Starting Friday, Cornwall, the Isles of Scilly, Devon, Plymouth and Torbay local authority areas - which have seen an uptick in cases - will get help to increase vaccine and testing and deliver more public health messaging, the Department of Health and Social Care (DHSC) said.
Although schools will resume from next week as planned, students in secondary schools and colleges will need to wear face masks in communal areas after the guidance was scrapped on July 19.
https://www.independent.co.uk/news/health/coronavirus-rise-south-west-cases-b1910256.html
To me this is a lovely story based on the contribution of a rural hinterland to the sustainability of a big town. It tells us:
Now, however, Hartlepool is hoping its future can be transformed by sunshine.
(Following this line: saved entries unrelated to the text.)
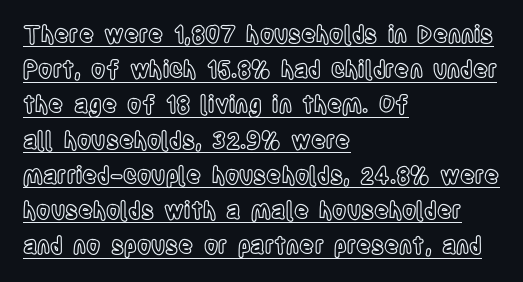
The sample's only ornament is a line tracing under the words. Does the copy run flush right? No — it runs flush left. The font's upright variant was chosen for this text. The letters sit at their default tracking, neither squeezed nor spread. Leading: standard.
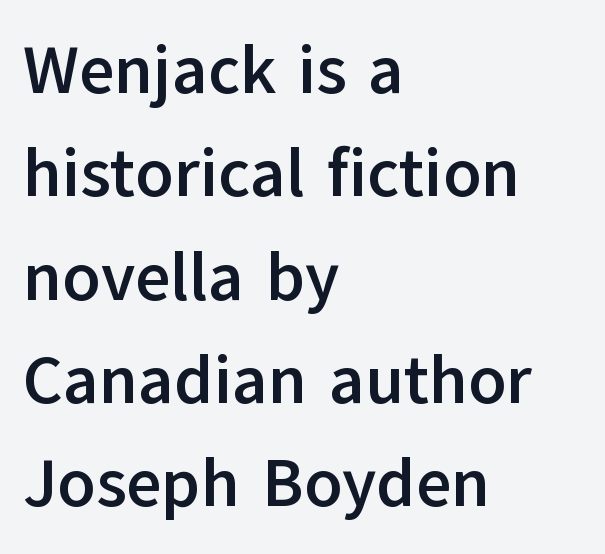
The face used here is a sans, in the tradition of grotesques and geometrics. Anything drawn beneath the words? Only blank space. These lines are set flush left with a ragged right edge. Honestly, the letter spacing is just normal — you wouldn't notice it. Leading: standard.
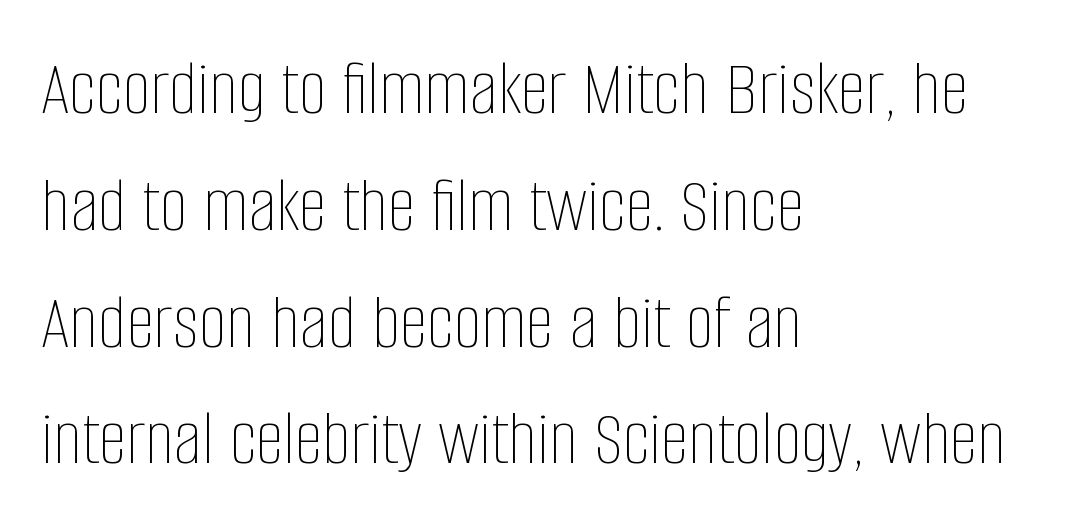
{"italic": "no", "bold": "no", "weight": "thin", "width": "condensed", "stroke_contrast": "low", "x_height": "large", "monospaced": "no", "underline": "no", "align": "left", "line_spacing": "normal", "line_spacing_ratio": 1.46, "letter_spacing": "normal", "letter_spacing_em": 0.0, "glyph_px": 80}
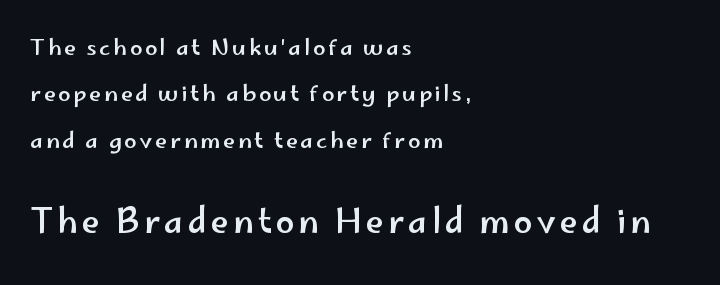
This sample uses a sans-serif face. Does the lettering tilt? It doesn't — this is upright. Each line starts at the same left margin while the right side varies. This rendering features lettering with no underline.
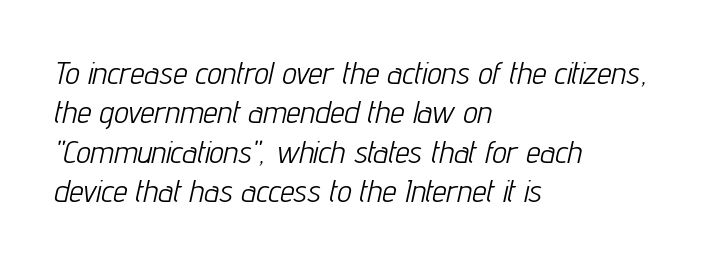
Q: Is the text bold? A: No.
Q: Is the text italic (slanted)? A: Yes, it leans right by about 12 degrees.
Q: Is the text underlined? A: No.
Q: How is the paragraph aligned? A: Left-aligned.
Q: Is the spacing between letters normal or unusually wide? A: Normal.
Q: Width (condensed, normal, or wide)? A: Condensed.
Q: Stroke contrast? A: Low.
Q: x-height? A: Medium.
Q: Monospaced? A: No.

Three massive solar farms are to be built within a five-mile radius of each other on the outskirts of this Teesside port – effectively turning it into the UK’s most unlikely solar powerhouse.
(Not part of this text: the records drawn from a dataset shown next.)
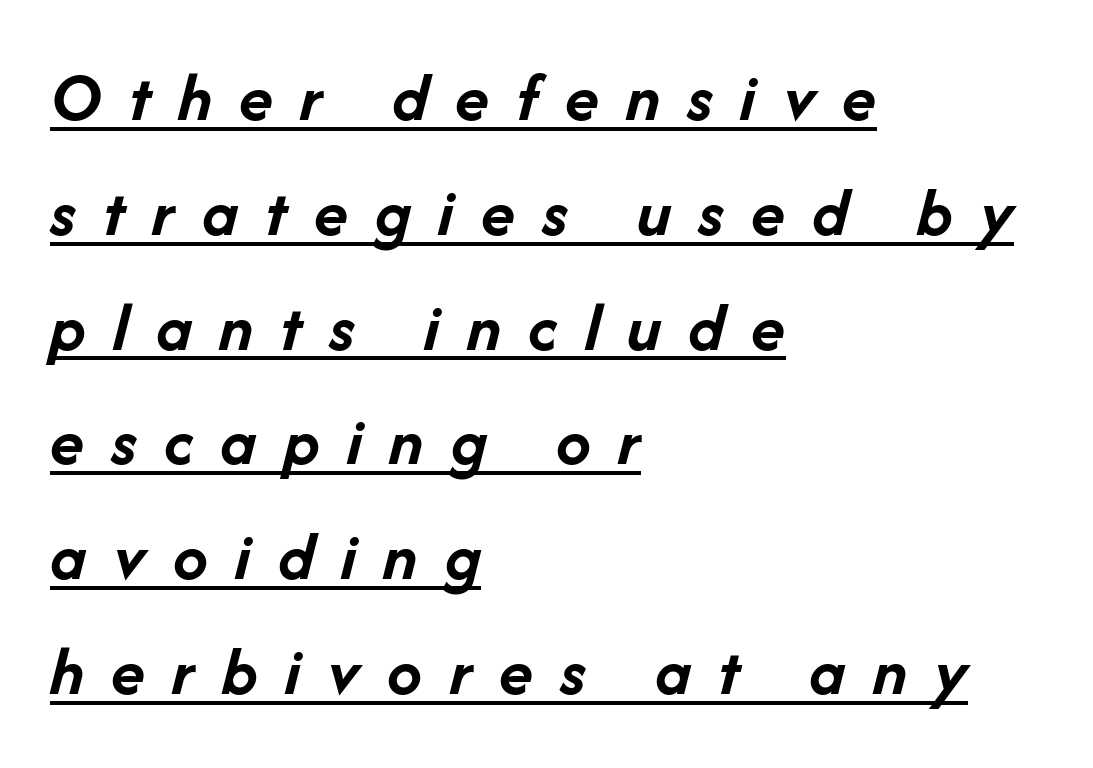
Q: Is the text bold? A: Yes.
Q: Is the text italic (slanted)? A: Yes, it leans right by about 14 degrees.
Q: Is the text underlined? A: Yes.
Q: How is the paragraph aligned? A: Left-aligned.
Q: Is the spacing between letters normal or unusually wide? A: Unusually wide.
Q: Is the spacing between lines tight, normal or loose? A: Normal.
Q: Width (condensed, normal, or wide)? A: Normal.
Q: Stroke contrast? A: Low.
Q: x-height? A: Medium.
Q: Monospaced? A: No.
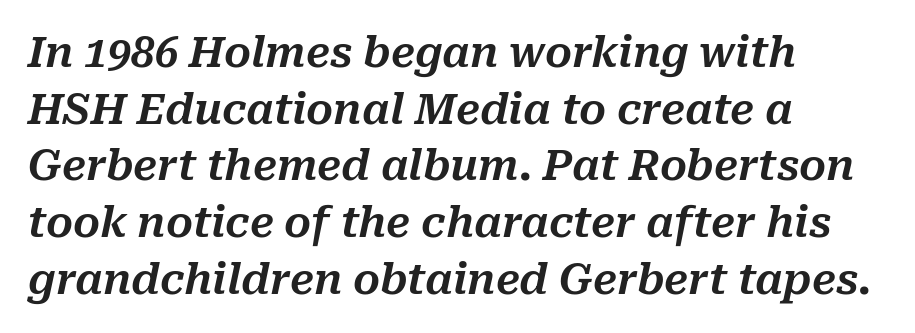
Nobody drew a line under any word here. Standard letterfit; no display-style spreading of the glyphs. If you drew a ruler down the left edge, every line would touch it. Compared with typical paragraphs, the rows here are spaced about the same.
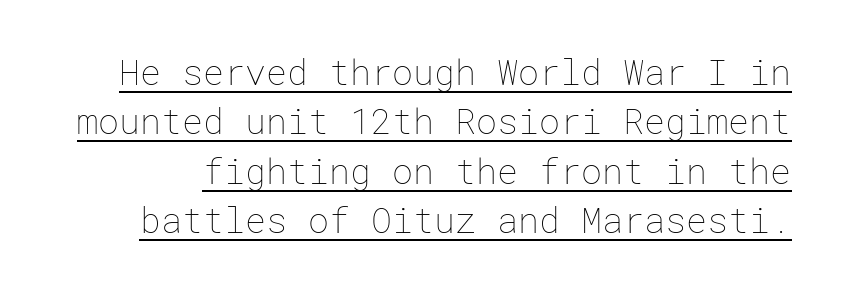
Q: Is the text bold? A: No.
Q: Is the text italic (slanted)? A: No, it is upright.
Q: Is the text underlined? A: Yes.
Q: Is the spacing between letters normal or unusually wide? A: Normal.
Q: Is the spacing between lines tight, normal or loose? A: Normal.
Q: Width (condensed, normal, or wide)? A: Normal.
Q: Stroke contrast? A: Low.
Q: x-height? A: Medium.
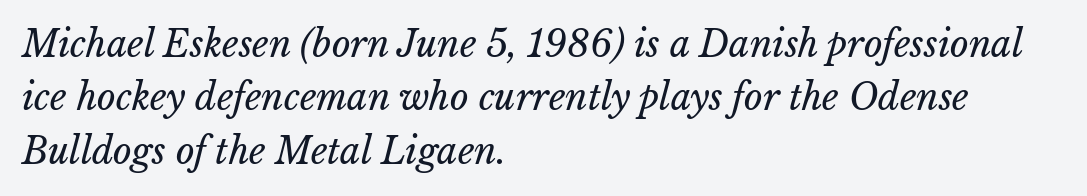
{"bold": "no", "weight": "regular", "width": "normal", "stroke_contrast": "low", "x_height": "medium", "monospaced": "no", "underline": "no", "align": "left", "line_spacing": "normal", "line_spacing_ratio": 1.48, "letter_spacing": "normal", "letter_spacing_em": 0.0, "glyph_px": 36}
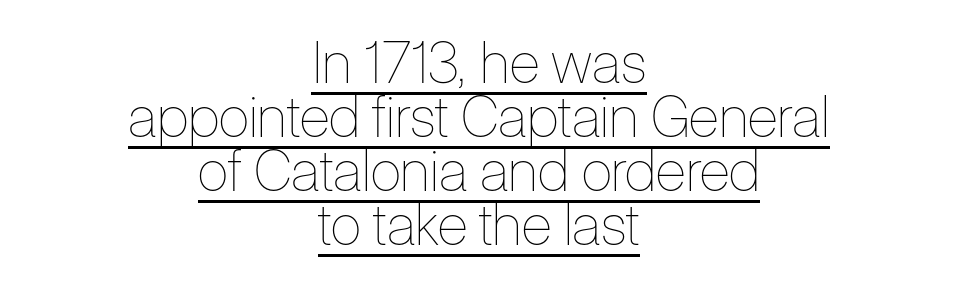
The block of text is dense from top to bottom, with scant space between rows. These lines are centered, leaving both edges ragged. No italicization has been applied; the sample stays upright. The gaps between neighbouring characters are ordinary and unremarkable. Weight: regular or lighter. Like a heading marked for emphasis, these lines bear an underscore.
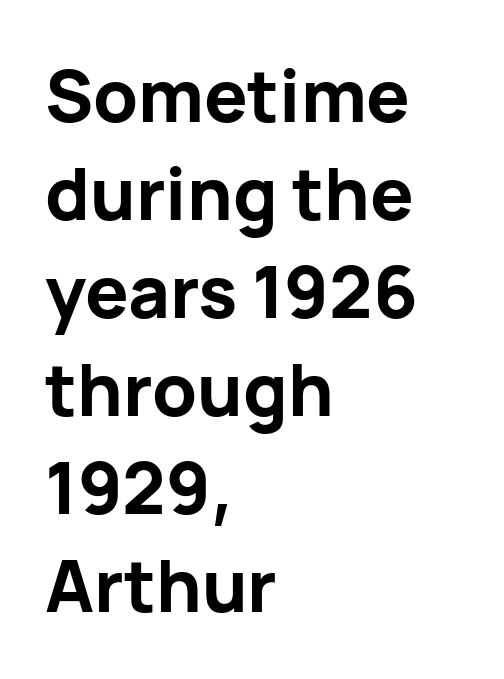
The rendering shows plain stroke endings on the letterforms — a sans-serif design. Line beginnings align vertically; line endings do not. Tracking here is standard; glyphs follow each other at the usual distance. The face used here is proportionally spaced, like ordinary book or web type. No word sits above an underline.

Individually, it is thought all three sites – dotted on farmland along the A19 – would be among the top 10 biggest such energy farms in the country if they were opened today.
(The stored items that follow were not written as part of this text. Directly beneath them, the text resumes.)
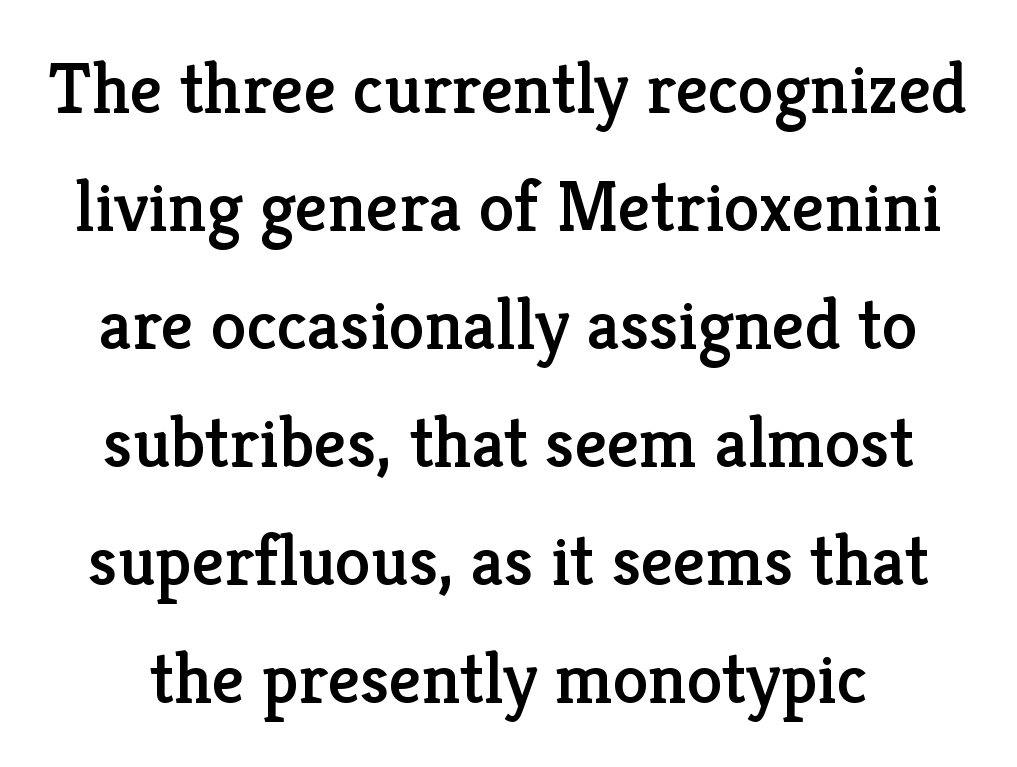
{"serif": "yes", "italic": "no", "width": "normal", "stroke_contrast": "low", "x_height": "medium", "monospaced": "no", "underline": "no", "line_spacing": "normal", "line_spacing_ratio": 1.64, "letter_spacing": "normal", "letter_spacing_em": 0.0, "glyph_px": 72}
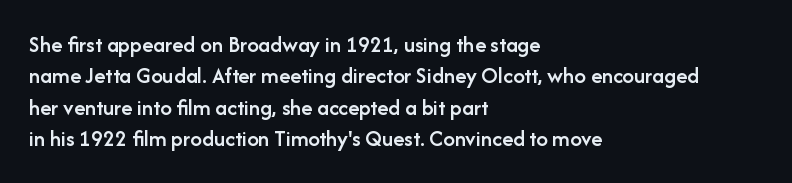
Type without underlining. Compared with an ordinary text face, these strokes are moderately heavier — a semibold. A typesetter would call this zero additional tracking. The vertical gap from one line to the next is medium.
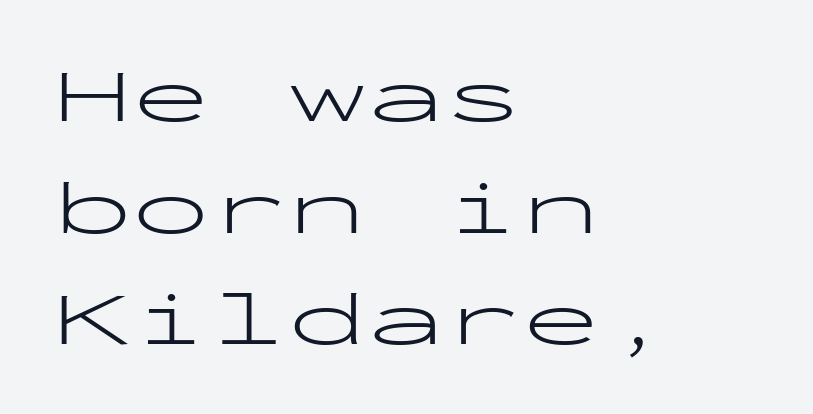
{"serif": "no", "italic": "no", "bold": "no", "weight": "light", "width": "wide", "stroke_contrast": "low", "x_height": "medium", "monospaced": "yes", "underline": "no", "align": "left", "line_spacing": "normal", "line_spacing_ratio": 1.43, "letter_spacing": "normal", "letter_spacing_em": 0.0, "glyph_px": 78}
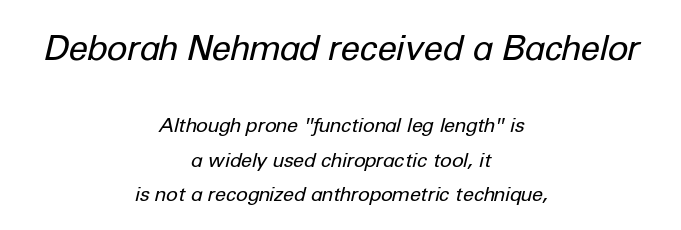
Q: Is the text bold? A: No.
Q: Is the text italic (slanted)? A: Yes, it leans right by about 12 degrees.
Q: Is the text underlined? A: No.
Q: How is the paragraph aligned? A: Centered.
Q: Is the spacing between letters normal or unusually wide? A: Normal.
Q: Which block of text is set in a larger size, the first (top) or the second (bottom)? A: The first (top) one.
Q: Width (condensed, normal, or wide)? A: Normal.
Q: Stroke contrast? A: Low.
Q: x-height? A: Medium.
Q: Monospaced? A: No.
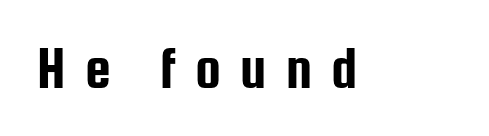
What kind of face is this? One without serifs — a sans. These lines have a slow, spaced-out rhythm from letter to letter. The foot of each line stays bare and open. When letters stand straight like this, we call the style roman or upright. Varying glyph widths throughout — classic text-font behaviour.

But combined they will cover an area roughly the size of 250 football fields and create enough energy to power more than 43,000 local homes. They will produce almost 150MW of energy every year.
https://www.independent.co.uk/news/uk/home-news/solar-farms-hartlepool-climate-crisis-b1910123.html
This is a fantastic innovation dedicated to tackling rural crime…..
A police force has unveiled a special drone it says will be a "gamechanger" in efforts to tackle rural crime.
Avon and Somerset Police said the drone had already helped recover £100,000 worth of stolen equipment in a single operation.
It hopes the technology will stop hare coursing and poaching and lead to more prosecutions.
One Somerset farmer said it would stop theft on his farm "if it can be deployed quickly".
The drone uses a controller that has a live feed from its cameras, and can be quietly flown at a speed of 25 knots (28 mph).
It can be used to survey large areas of land to find missing people and criminals quickly.
Avon and Somerset's rural and wildlife affairs unit drone pilot Pete Wills said: "It is a gamechanger.
"Hare coursing, especially, and poaching are underreported and also prosecutions are really difficult to get because there isn't CCTV out here."
Somerset farmer Richard Payne said the drone could help stop vandalism and the theft of his machinery worth thousands of pounds.
"My farm has become a soft target for crime," he said.
"There are professional gangs that will go around taking valuable bits of kit out of machinery - if they don't take the whole machine themselves."
https://www.bbc.co.uk/news/uk-england-somerset-58266362
And Finally
We see the darker side of the staycation revealed in this article which tells us:
It was supposed to be the summer to rekindle the joy of the great British holiday, with demand for 2022 domestic breaks already rising. But hospitality staff in many tourist hotspots beg to differ, saying they have suffered a barrage of complaints from “impatient” visitors and “Tripadvisor warriors”.
Restaurant and hotel owners said visitors were regularly complaining about slow service amid high demand, and that some had seemingly struggled to adapt to the change from their usual all-inclusive getaway abroad.
Susan Briggs, the director of the Tourism Network in North Yorkshire, said businesses had reported an increase in grumpy customers who were “more demanding and even abusive when they can’t get a table in a restaurant or have unrealistic expectations of service”.